If the Mortgaged Property consists of several lots or
parcels, Lender may designate the order in which such lots
or parcels shall be offered for sale or sold. Any person,
including Borrower, Trustee or Lender, may purchase at the
sale. Upon any sale Trustee shall execute and deliver to
the purchaser or purchasers a deed or deeds conveying the
property so sold, but without any covenant or warranty
whatsoever, express or implied, whereupon such purchaser or
purchasers shall be let into immediate possession.
(5) In the event of a sale or other disposition of any
such property, or any part thereof, and the execution of a
deed or other conveyance, pursuant thereto, the recitals
therein of facts, such as a default, the giving of notice of
default and notice of sale, demand that such sale should be
made, postponement of sale, terms of sale, sale, purchaser,
payment of purchase money, and any other fact affecting the
regularity or validity of such sale or disposition, shall be
conclusive proof of the truth of such facts; and any such
deed of conveyance shall be conclusive against all persons
as to such facts recited therein.
(6) Lender and/or Trustee shall apply the proceeds of
any sale or disposition hereunder to payment of the
following: (A) the expenses of such sale or disposition
together with Trustee's fees and reasonable attorneys' fees,
and the actual cost of publishing, recording, mailing and
posting notice; (B) the cost of any search and/or other
evidence of title procured in connection therewith and
transfer tax on any deed or conveyance; (C) all sums
expended under the terms hereof, not then repaid, with
accrued interest in the amount provided herein; (D) all
other sums secured hereby; and (E) the remainder if any to
the person or persons legally entitled thereto.
(7) The acknowledgment of the receipt of the purchase
money, contained in any deed or conveyance executed as
aforesaid, shall be sufficient discharge from all
obligations to see to the proper application of the
consideration therefor.
(8) Borrower hereby expressly waives any right which
it may have to direct the order in which any of the
Mortgaged Property shall be sold in the event of any sale or
sales pursuant hereto.
(9) Upon any sale of the Mortgaged Property, whether
made under a power of sale herein granted or pursuant to
judicial proceedings, if the holder of the Note is a
purchaser at such sale, it shall be entitled to use and
apply all or any portion of the indebtedness then secured
hereby for or in settlement or payment of all or any portion
of the purchase price of the property purchased, and, in
such case, this Security Instrument, the Note and documents
evidencing expenditures secured hereby shall be presented to
the person conducting the sale in order that the amount of
said indebtedness so used or applied may be credited xxxxxxx
as having been paid.
(10) No remedy herein conferred upon or reserved to
Trustee or Lender is intended to be exclusive of any other
remedy herein or by law provided, but each shall be cumula-
tive and shall be in addition to every other remedy given
hereunder or now or hereafter existing at law or in equity
or by statute.
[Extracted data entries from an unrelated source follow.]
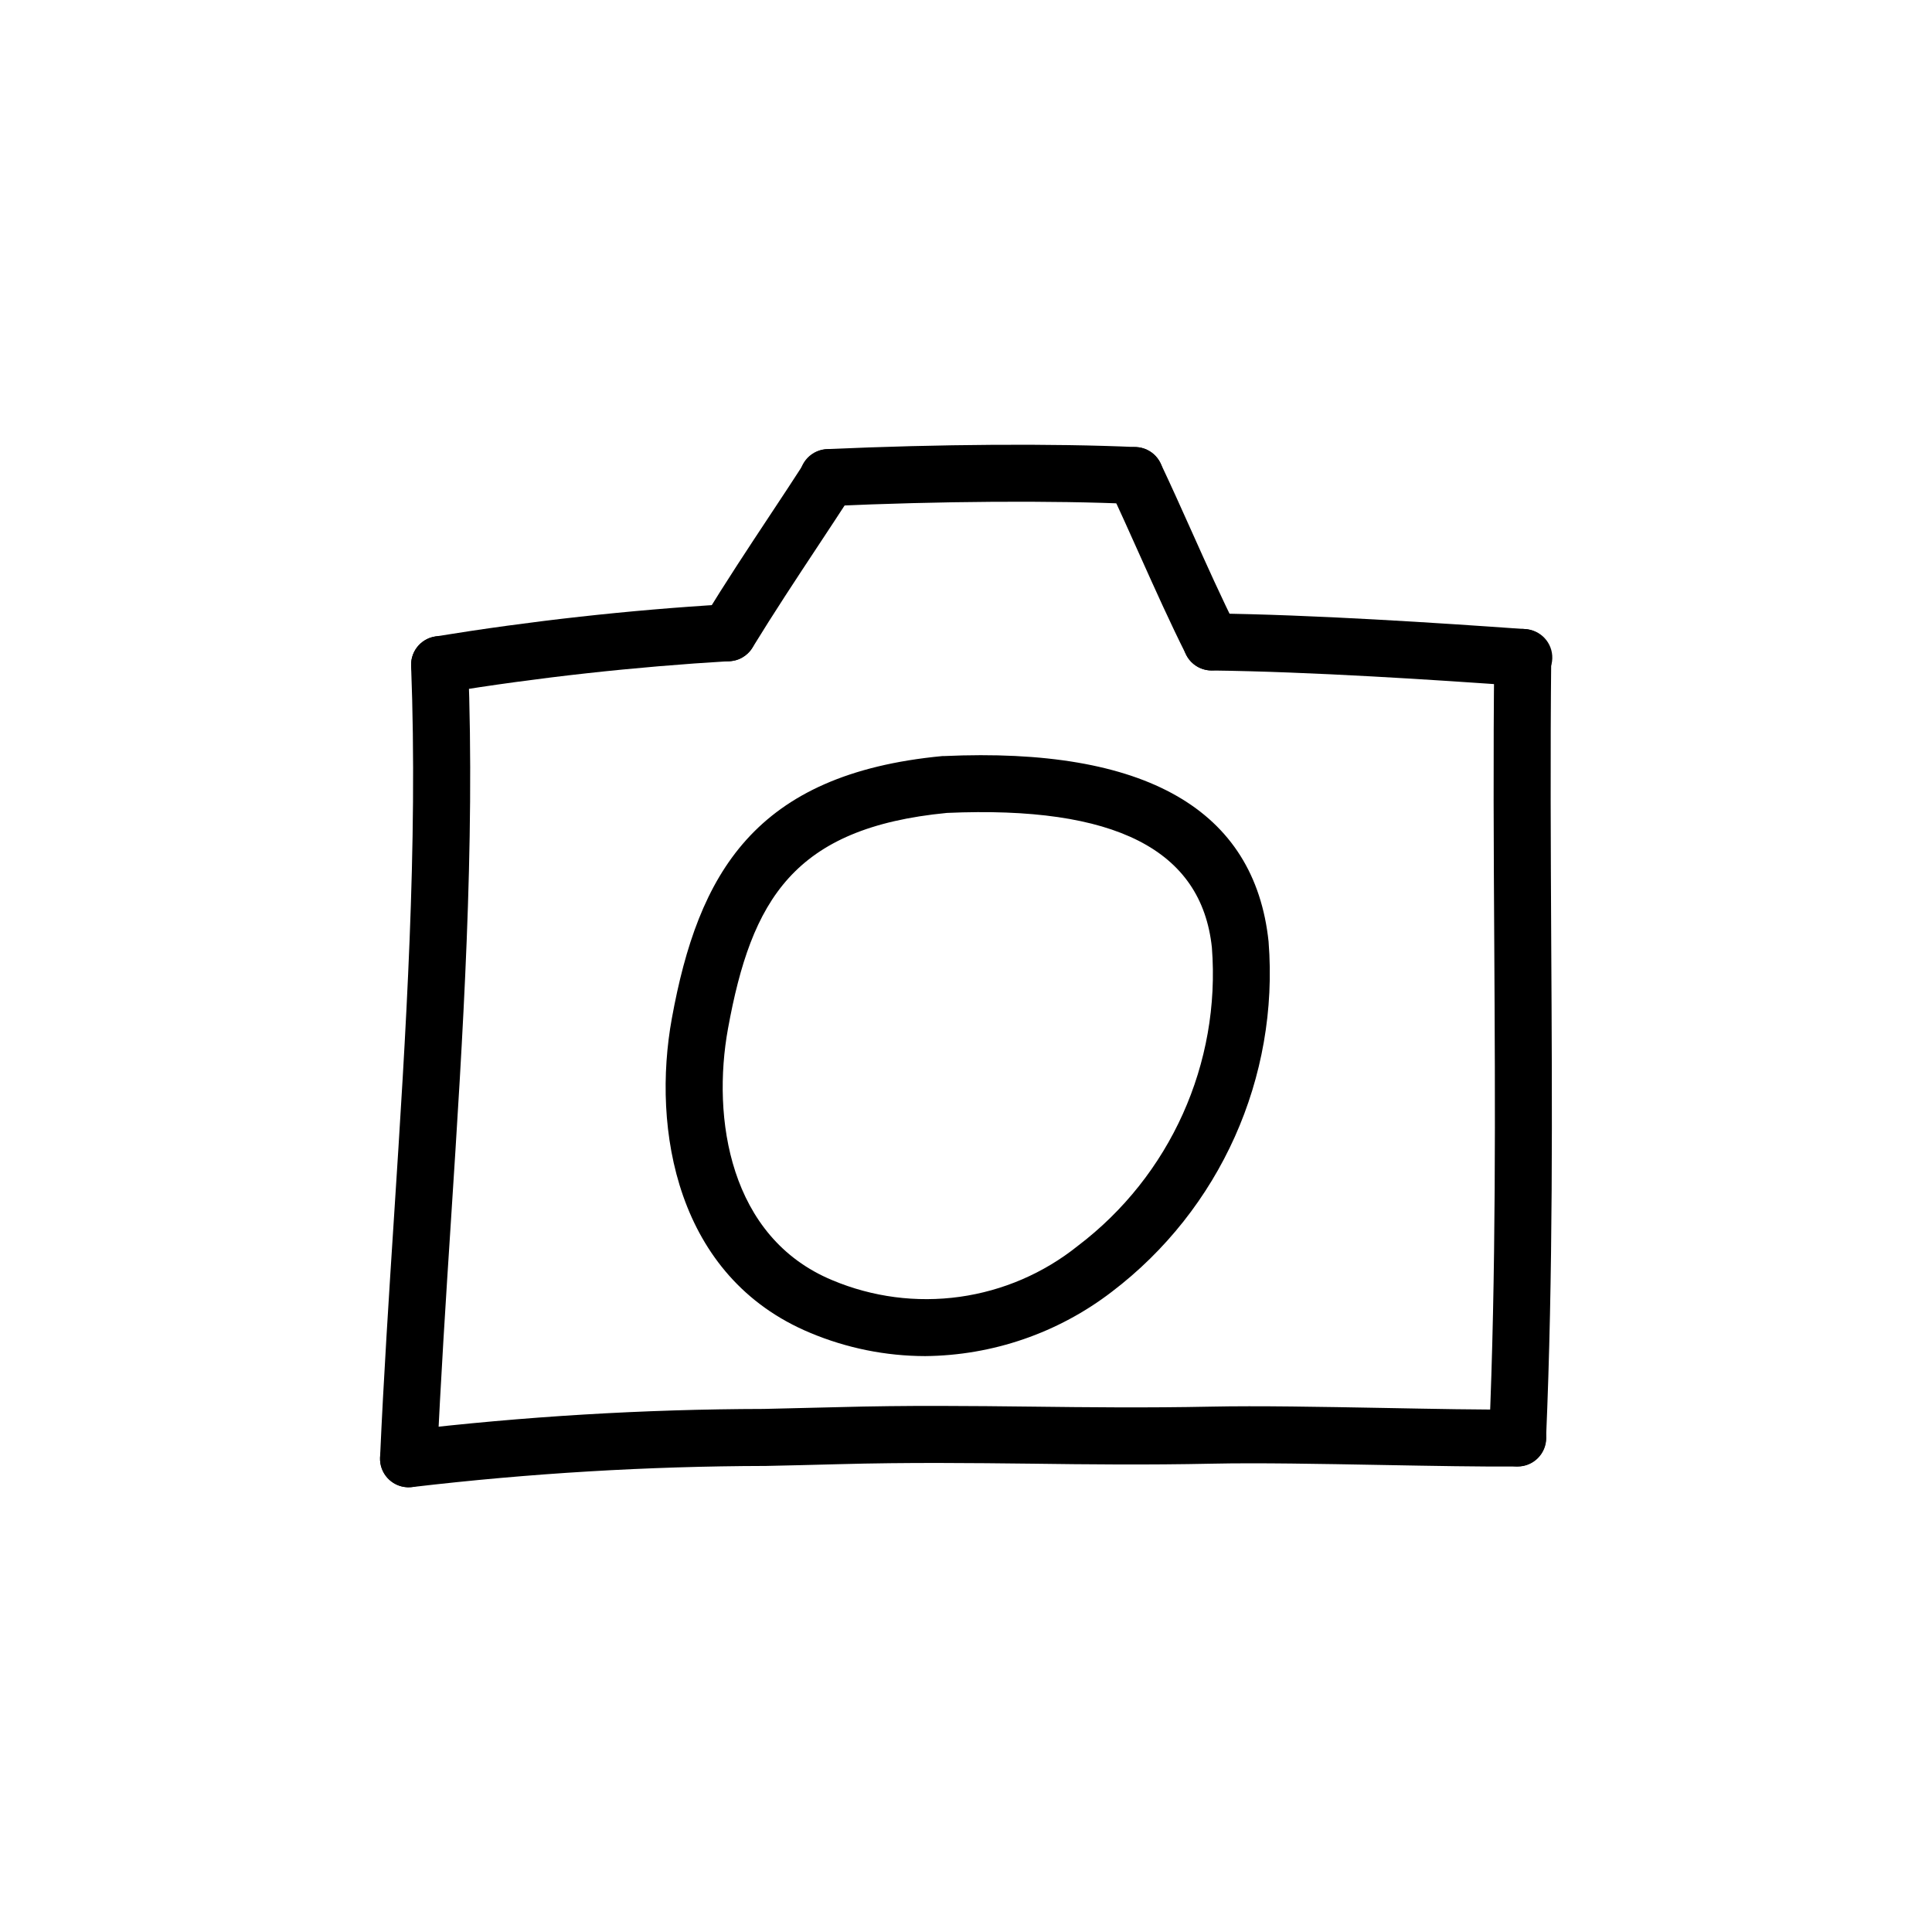 <?xml version="1.0" encoding="UTF-8"?>
<!-- Uploaded to: ICON Repo, www.svgrepo.com, Generator: ICON Repo Mixer Tools -->
<svg fill="#000000" width="800px" height="800px" version="1.1" viewBox="144 144 512 512" xmlns="http://www.w3.org/2000/svg">
 <g>
  <path d="m389.16 503.38c-10.438-0.02-20.77-2.109-30.398-6.144-35.629-14.797-42.047-54.16-36.711-83.375 6.988-38.289 21.844-64.766 71.66-69.492h0.379c53.539-2.453 82.414 14.191 86.102 49.211h-0.004c2.824 35.98-12.836 70.926-41.562 92.77-14.203 10.895-31.566 16.871-49.465 17.031zm5.805-143.95c-40.734 3.926-51.828 23.113-58.035 57.141-4.316 23.68 0.328 55.359 27.641 66.695 10.652 4.481 22.316 6 33.762 4.406 11.445-1.598 22.25-6.254 31.27-13.477 24.531-18.594 37.93-48.383 35.562-79.074-2.738-25.945-25.699-37.648-70.199-35.691z"/>
  <path d="m252.26 538.14c-3.965-0.012-7.246-3.078-7.523-7.035-0.273-3.953 2.551-7.445 6.473-8.004 31.582-3.738 63.355-5.644 95.156-5.719 6.551-0.145 13.039-0.293 19.371-0.465 18.992-0.527 35.691-0.324 51.832-0.145 14.82 0.176 30.148 0.348 47.383 0 12.352-0.262 29.297 0.051 45.68 0.348 13.266 0.246 25.766 0.504 35.492 0.406h0.059c4.172-0.016 7.57 3.356 7.586 7.531 0.012 4.172-3.359 7.57-7.531 7.586-9.895 0.066-22.523-0.16-35.887-0.406-16.234-0.297-33.008-0.609-45.07-0.348-17.488 0.367-32.945 0.195-47.863 0-15.996-0.176-32.543-0.371-51.246 0.137-6.352 0.176-12.852 0.328-19.445 0.469l-0.004-0.004c-31.203 0.078-62.383 1.945-93.375 5.586-0.359 0.047-0.723 0.066-1.086 0.062z"/>
  <path d="m252.27 538.14h-0.336c-4.168-0.188-7.398-3.715-7.215-7.887 0.941-21.109 2.352-42.953 3.719-64.078 3.117-48.281 6.34-98.207 4.508-145.74-0.074-2.004 0.648-3.957 2.012-5.43 1.359-1.469 3.254-2.34 5.258-2.418 4.172-0.16 7.688 3.094 7.848 7.269 1.859 48.305-1.391 98.625-4.535 147.29-1.367 21.055-2.766 42.824-3.707 63.777-0.184 4.035-3.508 7.211-7.551 7.215z"/>
  <path d="m260.49 327.7c-3.922-0.012-7.184-3.027-7.504-6.938-0.324-3.91 2.402-7.414 6.269-8.07 25.578-4.16 51.355-7.019 77.223-8.562 4.141-0.199 7.691 2.922 8.027 7.051 0.266 4.164-2.891 7.758-7.055 8.027-25.359 1.5-50.625 4.289-75.699 8.363-0.418 0.078-0.84 0.121-1.262 0.129z"/>
  <path d="m546.18 532.61h-0.328c-2.004-0.086-3.891-0.961-5.246-2.438-1.355-1.477-2.07-3.434-1.984-5.438 1.875-43.453 1.617-87.664 1.375-130.45-0.152-24.934-0.297-50.719 0-76.129h0.004c0.105-4.141 3.473-7.445 7.609-7.484 2.004 0.02 3.922 0.836 5.324 2.269 1.402 1.43 2.18 3.359 2.16 5.363-0.273 25.297-0.125 51.012 0 75.891 0.246 42.949 0.504 87.355-1.379 131.18l-0.004-0.004c-0.176 4.035-3.492 7.223-7.531 7.231z"/>
  <path d="m547.54 325.79h-0.551c-22.586-1.617-55.66-3.793-81.988-4.102-2.004-0.023-3.918-0.84-5.316-2.273-1.402-1.434-2.176-3.367-2.152-5.371-0.004-2.012 0.809-3.941 2.25-5.348 1.438-1.406 3.383-2.172 5.394-2.125 26.738 0.312 60.109 2.519 82.887 4.137 4.176 0.141 7.445 3.637 7.309 7.809-0.141 4.176-3.637 7.445-7.812 7.309z"/>
  <path d="m336.96 319.25c-2.734 0-5.258-1.48-6.59-3.867-1.336-2.391-1.277-5.312 0.156-7.644 5.926-9.652 11.586-18.227 17.594-27.305 3.023-4.535 6.047-9.16 9.164-13.965 2.269-3.504 6.949-4.504 10.449-2.234 3.504 2.269 4.504 6.949 2.234 10.449-3.144 4.852-6.211 9.492-9.238 14.078-5.93 8.973-11.527 17.453-17.324 26.887-1.379 2.242-3.816 3.606-6.445 3.602z"/>
  <path d="m363.62 278.13c-4.172 0.094-7.633-3.215-7.727-7.391-0.09-4.172 3.215-7.633 7.391-7.723 29.438-1.324 60.023-1.512 81.805-0.539 4.164 0.191 7.387 3.723 7.199 7.887-0.062 2.012-0.938 3.914-2.426 5.269-1.484 1.355-3.457 2.055-5.465 1.938-21.352-0.973-51.387-0.77-80.434 0.543-0.109 0.016-0.238 0.016-0.344 0.016z"/>
  <path d="m465.1 321.67c-2.856 0-5.469-1.609-6.754-4.156-4.18-8.305-8.305-17.496-12.289-26.383-2.742-6.121-5.457-12.184-8.148-17.852l0.004-0.004c-1.789-3.769-0.184-8.277 3.586-10.07 3.773-1.789 8.281-0.184 10.074 3.59 2.734 5.762 5.496 11.93 8.281 18.137 3.914 8.734 7.961 17.77 11.992 25.766l-0.004-0.004c1.184 2.344 1.062 5.133-0.312 7.363-1.375 2.234-3.809 3.594-6.43 3.598z"/>
 </g>
</svg>

Every power or remedy given by this
instrument to Trustee or Lender, or to which either of them
may be otherwise entitled, may be exercised from time to
time and as often as may be deemed expedient by Trustee or
Xxxxxx, and either of them may pursue inconsistent remedies.
If there exists additional security for the performance of
the obligations secured hereby, the holder of the Note, at
its sole option and without limiting or affecting any rights
or remedies hereunder, may exercise any of the rights and
remedies to which it may be entitled hereunder either
concurrently with whatever other rights it may have in
connection with such other security or in such order as it
may determine.
(11) Borrower hereby requests that every notice of
default and every notice of sale be given in accordance with
the provisions of Section 37 hereof except as otherwise
required by statute. Borrower may, from time to time,
change the address to which notice of default and sale
hereunder shall be sent by both filing a request therefor,
in the manner provided by the California Civil Code, Section
2924b, and sending a copy of such request to Xxxxxx, its
successors or assigns in accordance with the provisions of
Section 37 hereof.
(g) Trustee accepts the trust created by this Security Instrument
when this Security Instrument, duly executed and acknowledged, is made a public
record as provided by law.
(h) Trustee is not obligated to notify any party hereto of pending
sale under any other deed of trust or of any action or proceeding in which
Borrower, Lender or Trustee shall be a party, unless brought by Trustee.
(i) Trustee shall be under no duty to take any action hereunder except
as expressly required hereunder or by law, or to perform any act which would
involve Trustee in any expense or liability or to institute or defend any suit
in respect hereof, unless properly indemnified to Trustee's reasonable
satisfaction. Trustee, by acceptance of this Security Instrument, covenants to
perform and fulfill the trusts herein created, being liable, however, only for
gross negligence or willful misconduct, and hereby waives any statutory fee and
agrees to accept reasonable compensation, in lieu thereof, for any services
rendered by Trustee in accordance with the terms hereof. Trustee may resign at
any time upon giving thirty (30) days' notice to Xxxxxxxx and to Lender. Lender
may remove Trustee at any time or from time to time and select a successor
trustee. In the event of the death, removal, resignation, refusal to act, or
inability to act of Trustee, or in its sole discretion for any reason whatsoever
Lender may, without notice and without specifying any reason therefor and
without applying to any court, select and appoint a successor trustee, by an
instrument recorded wherever this Security Instrument is recorded and all
powers, rights, duties and authority of Trustee, as aforesaid, shall thereupon
become vested in such successor. Such substitute trustee shall not be required
to give bond for the faithful performance of the duties of Trustee hereunder
unless required by Xxxxxx. The procedure provided for in this paragraph for
substitution of Trustee shall be in addition to and not in exclusion of any
other provisions for substitution, by law or otherwise.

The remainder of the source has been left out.